As I mentioned in this post, for resource-constrained teams, it’s very difficult to move to another system wholesale; I would never [advocate to] jeopardize the schedule of a release just so that continuous integration systems could be switched. Unfortunately, whenever I do need to make a change involving Buildbot, I’ve learned to inflate my estimates by a healthy multiplier, due mostly to the design inconsistencies I’ve discussed.
Footnote 3 in this post is very relevant: if Amber Yust (and, indeed, the Buildbot community) consider their system to be a platform on which one would create a continuous integration system, then it would be interesting if they were to consider a “BuildbotLite” or “BuildMiniBot” or some such, with much stricter integration points (and constraints).
If Buildbot’s community were able to solve some of the longstanding problems even they agree with (the builds-failing-when-a-slave-can’t-talk-to-its-master being the foremost among those), and were able to provide a version that, to use Yust’s words, is a “Just-add-water CI server,” I would be entirely happy to reconsider it.
FWIW, I did try to buy into Buildbot’s design in the beginning, and it certainly has some aspects that are better than, for instance, Tinderbox. But after being burned time after time after time, I couldn’t, in good conscience, ignore these design defects and propagate the “Buildbot is wonderful and has no problems”-line.
As my initial blog post said, and indeed what was most surprising to me was, when I brought it up to others who’d worked with Buildbot, they surprisingly tended to agree with me more often than not.
In some sense, that’s what these posts are about: pointing out that there’s a lot of fan-person-dom about Buildbot, but there are some really important drawbacks, and to blindly switch to it within an environment based on its reputation has, apparently, bitten a lot of people. Some organizations have the manpower and time to tend to these wounds; for those who don’t, it leaves a nasty scar.
I have a question: Would you still be so vehemently against Buildbot if it didn’t require persistent connections.
Hey Ben,
I believe the persistent connection issue is the most egregious of the poor design decisions, but I discuss some of the other items I consider to be bad in more depth in the previous post.
I spoke a little bit to what I’d like to see before seriously reevaluating Buildbot in my response to Asa above.
Frankly, I would also find it difficult to rely on a tool so core to my particular role when it is maintained by a community who apparently thinks it’s acceptable behavior to respond to issues others have either defensively (“That’s not what Buildbot was designed for!!”) or to level ad hominem attacks against them.

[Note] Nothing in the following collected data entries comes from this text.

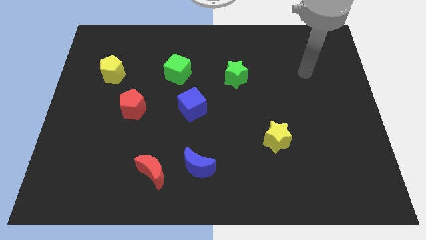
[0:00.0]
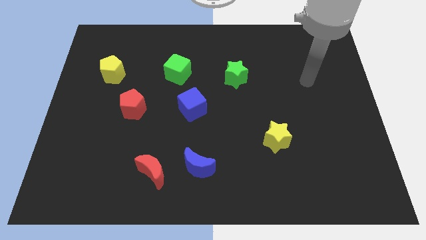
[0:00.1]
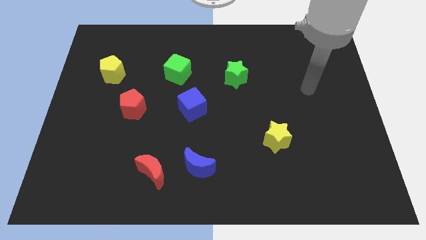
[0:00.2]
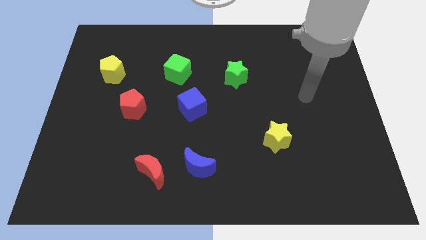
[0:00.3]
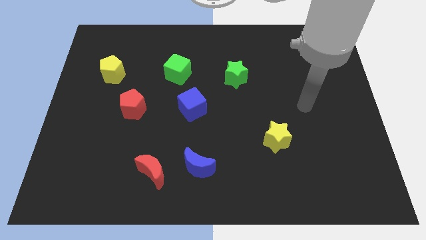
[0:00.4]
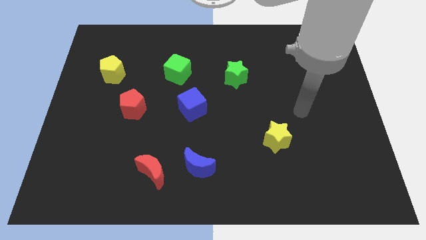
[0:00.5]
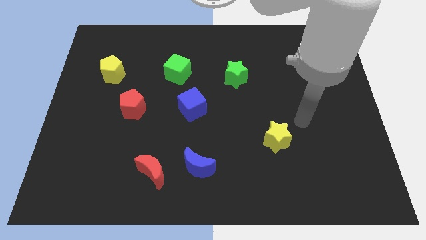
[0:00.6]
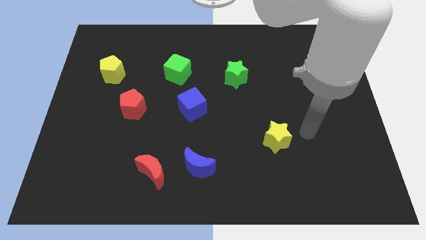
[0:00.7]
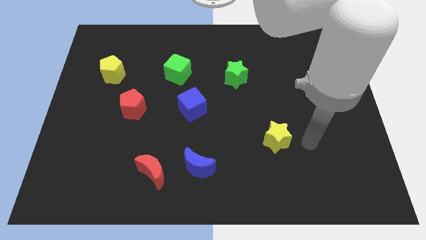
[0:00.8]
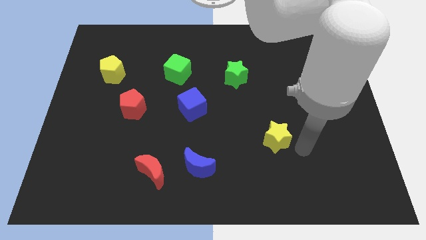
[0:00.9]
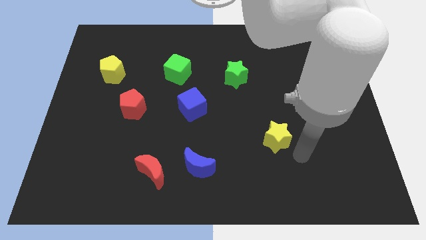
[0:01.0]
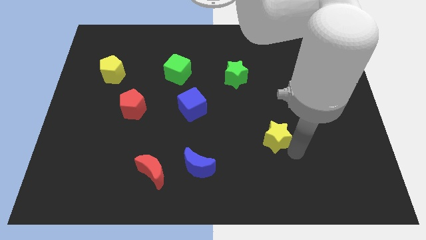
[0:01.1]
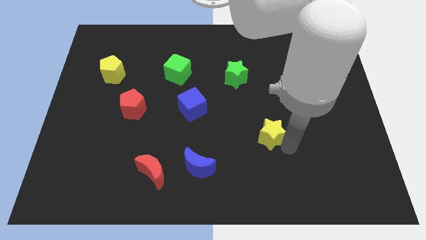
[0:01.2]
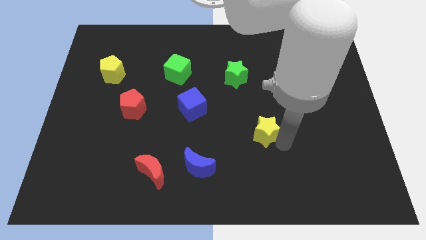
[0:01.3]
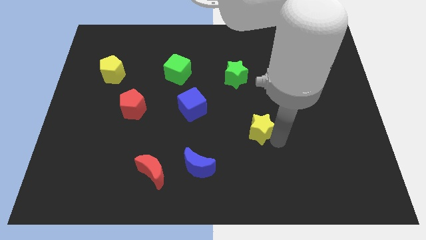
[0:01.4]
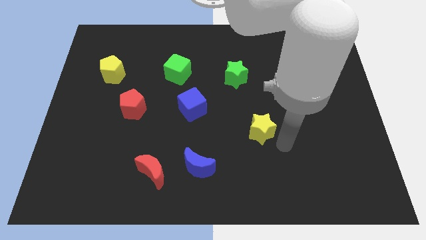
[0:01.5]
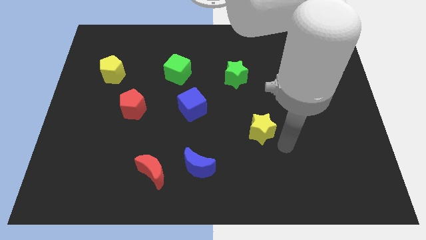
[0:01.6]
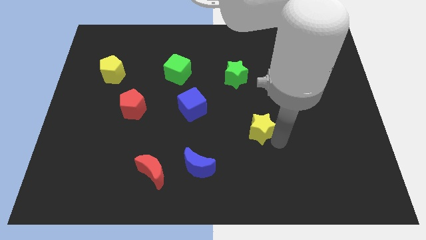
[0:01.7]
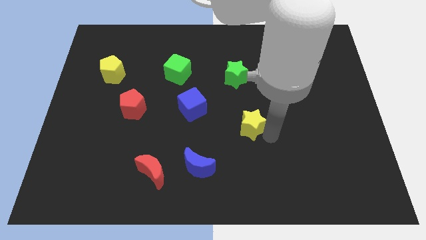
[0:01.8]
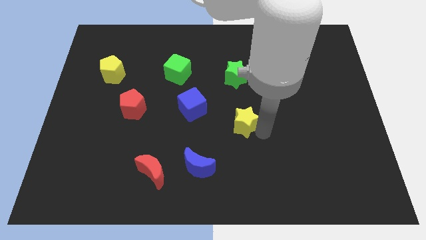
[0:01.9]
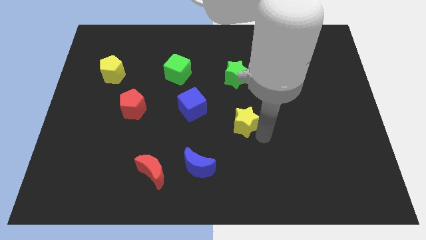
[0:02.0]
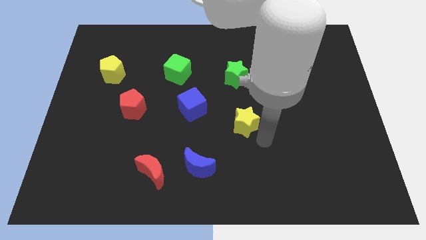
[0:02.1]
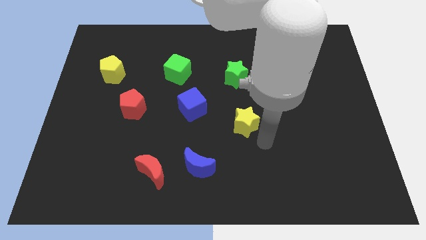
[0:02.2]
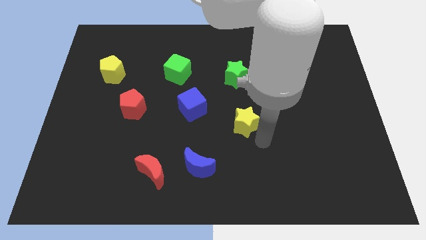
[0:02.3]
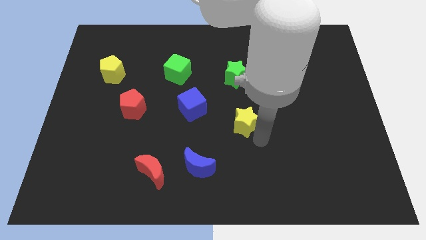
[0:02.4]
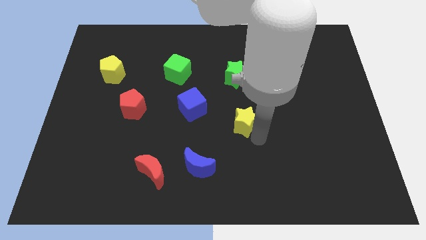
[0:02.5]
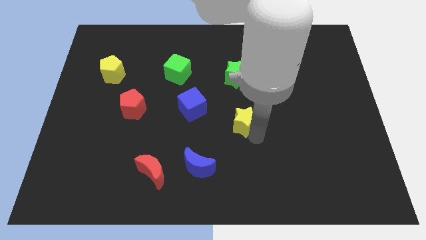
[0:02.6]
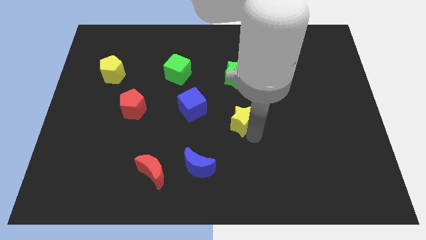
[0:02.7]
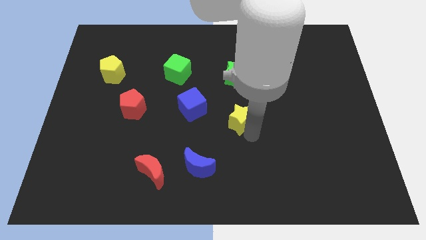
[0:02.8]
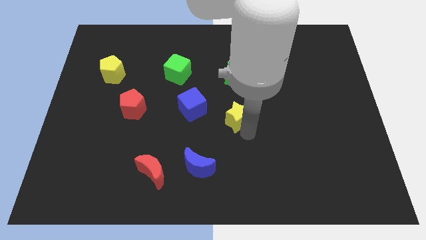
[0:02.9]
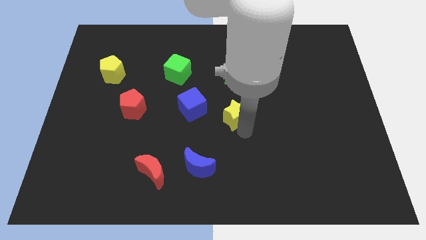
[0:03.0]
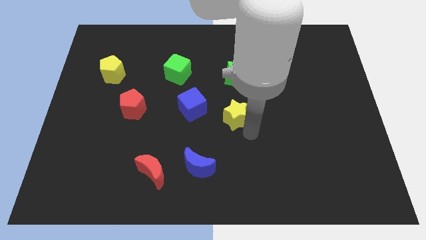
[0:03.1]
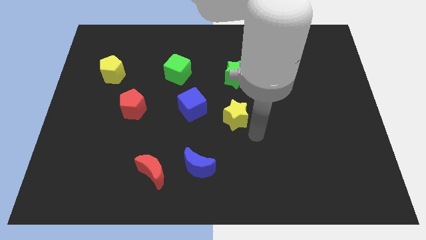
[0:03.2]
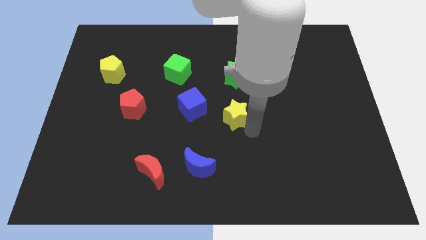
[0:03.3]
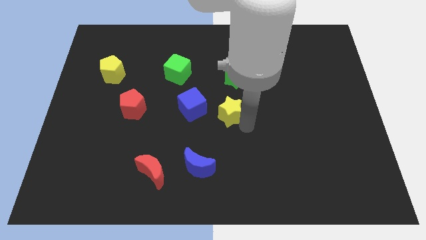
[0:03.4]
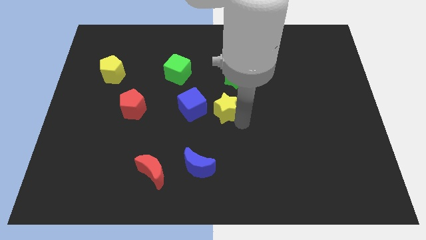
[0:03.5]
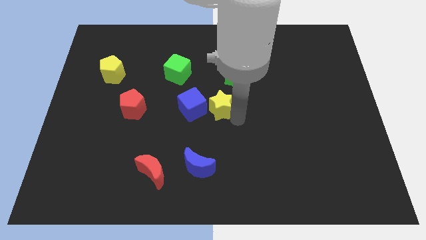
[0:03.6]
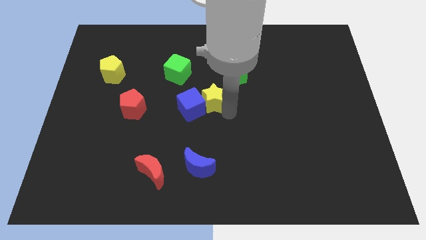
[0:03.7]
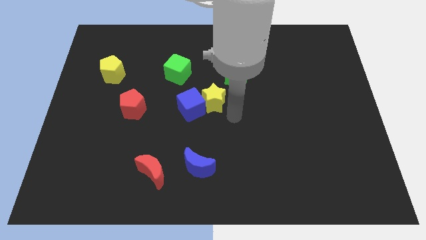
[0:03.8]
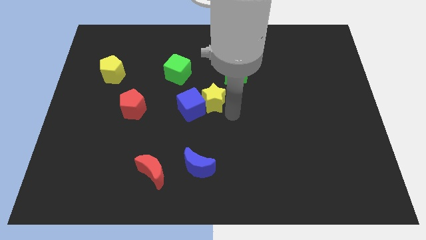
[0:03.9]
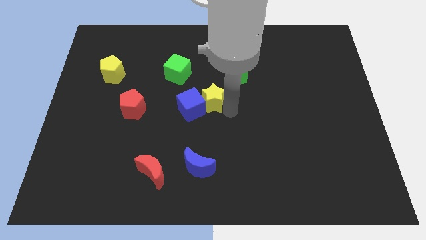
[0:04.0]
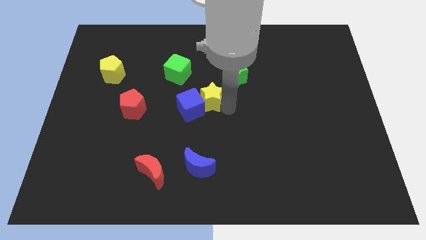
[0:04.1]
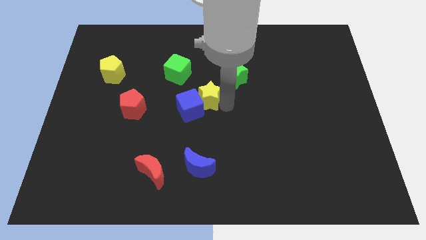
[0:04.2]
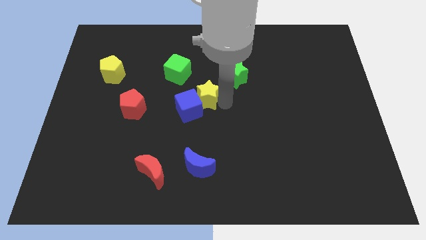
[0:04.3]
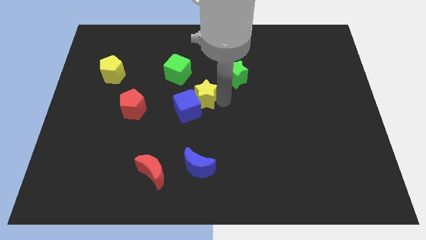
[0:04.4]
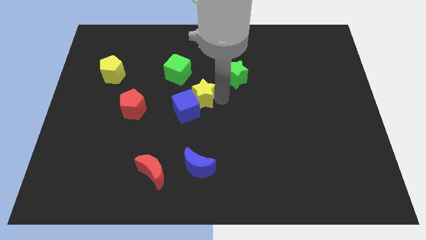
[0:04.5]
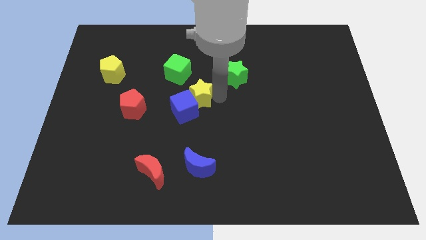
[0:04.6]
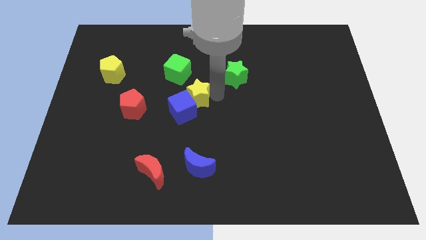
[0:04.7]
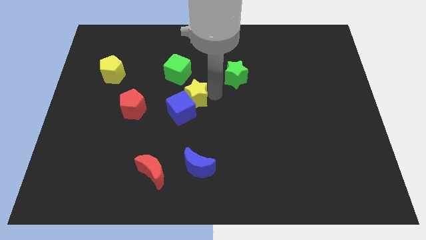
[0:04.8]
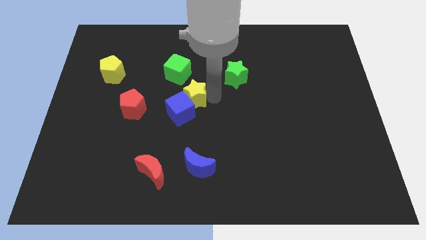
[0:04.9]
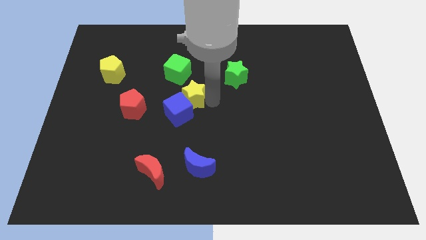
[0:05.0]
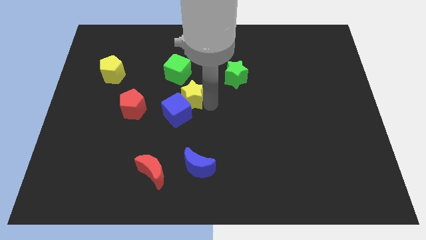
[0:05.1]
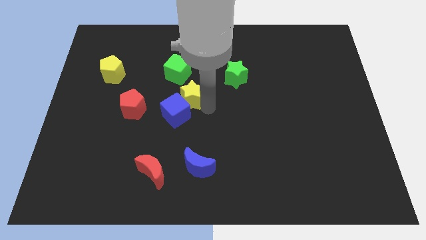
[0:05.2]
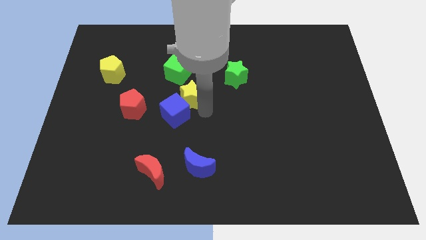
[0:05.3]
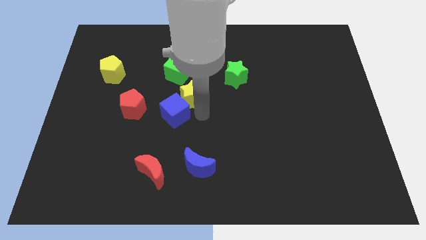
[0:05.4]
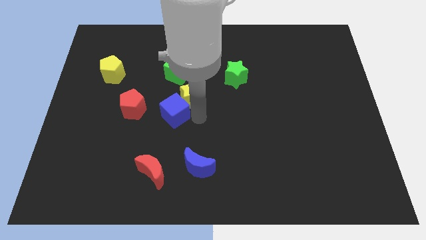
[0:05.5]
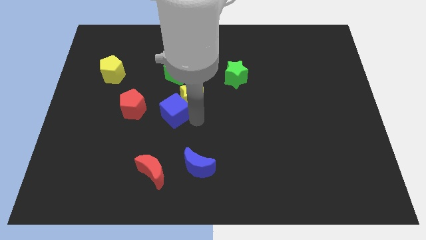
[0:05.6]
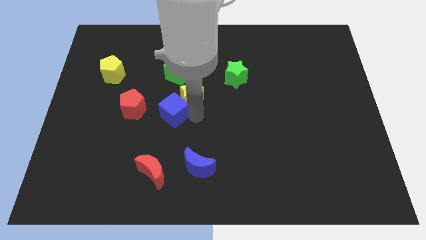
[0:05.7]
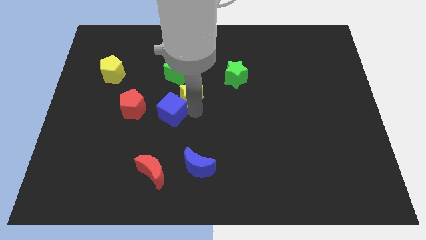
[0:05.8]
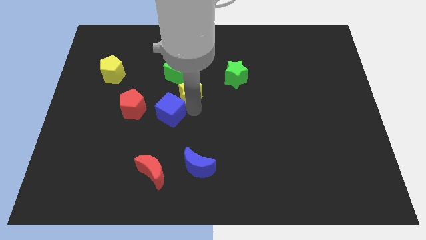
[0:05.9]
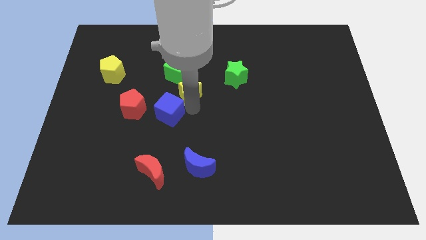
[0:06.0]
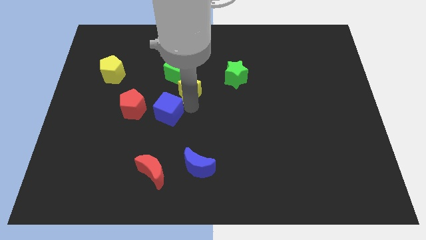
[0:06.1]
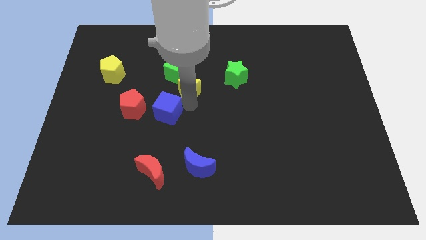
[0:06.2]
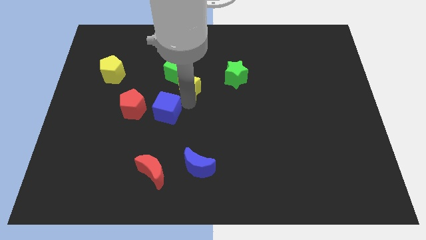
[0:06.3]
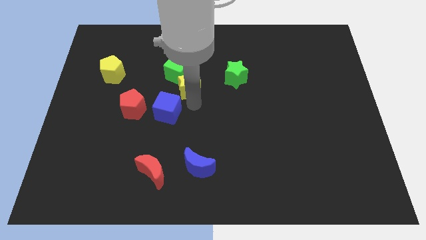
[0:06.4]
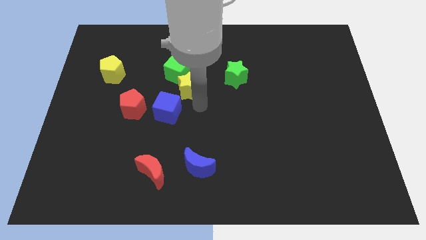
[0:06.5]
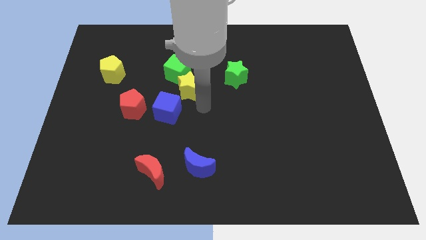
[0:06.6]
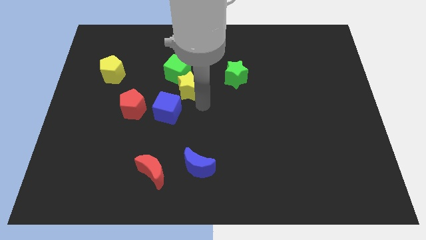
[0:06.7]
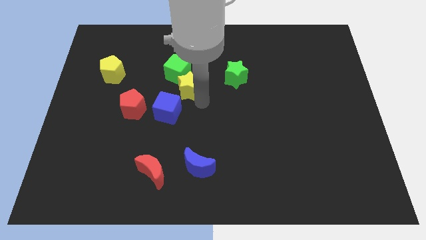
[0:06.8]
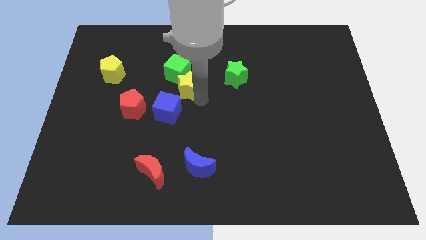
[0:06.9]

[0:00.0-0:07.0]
move the yellow star next to the green cube

This may explain why it’s taken years to solve problems even the community itself agrees are problems.
For what it’s worth, I don’t generally consider “rant” a derogatory term – I use it to describe any act of expressing gripes about a particular thing. It’s perfectly credible (in my usage) to rant about something!
Amber,
Someone recently told me a saying used at their office, which I liked: it’s whining if you’re not goin to do anything about it and ranting if you are.
So I suppose under that criteria, this is a whine.
Having said that, I don’t think my assessment of your use of “rant” as a derogatory statement,(ultimately irrelevant to your argument) is unreasonable, given where you and your colleagues immediately went in IRC; maybe if the channel’s initial response hadn’t been a bunch of personal attacks, I wouldn’t have assessed the use of “rant” so negatively, and more as it was intended.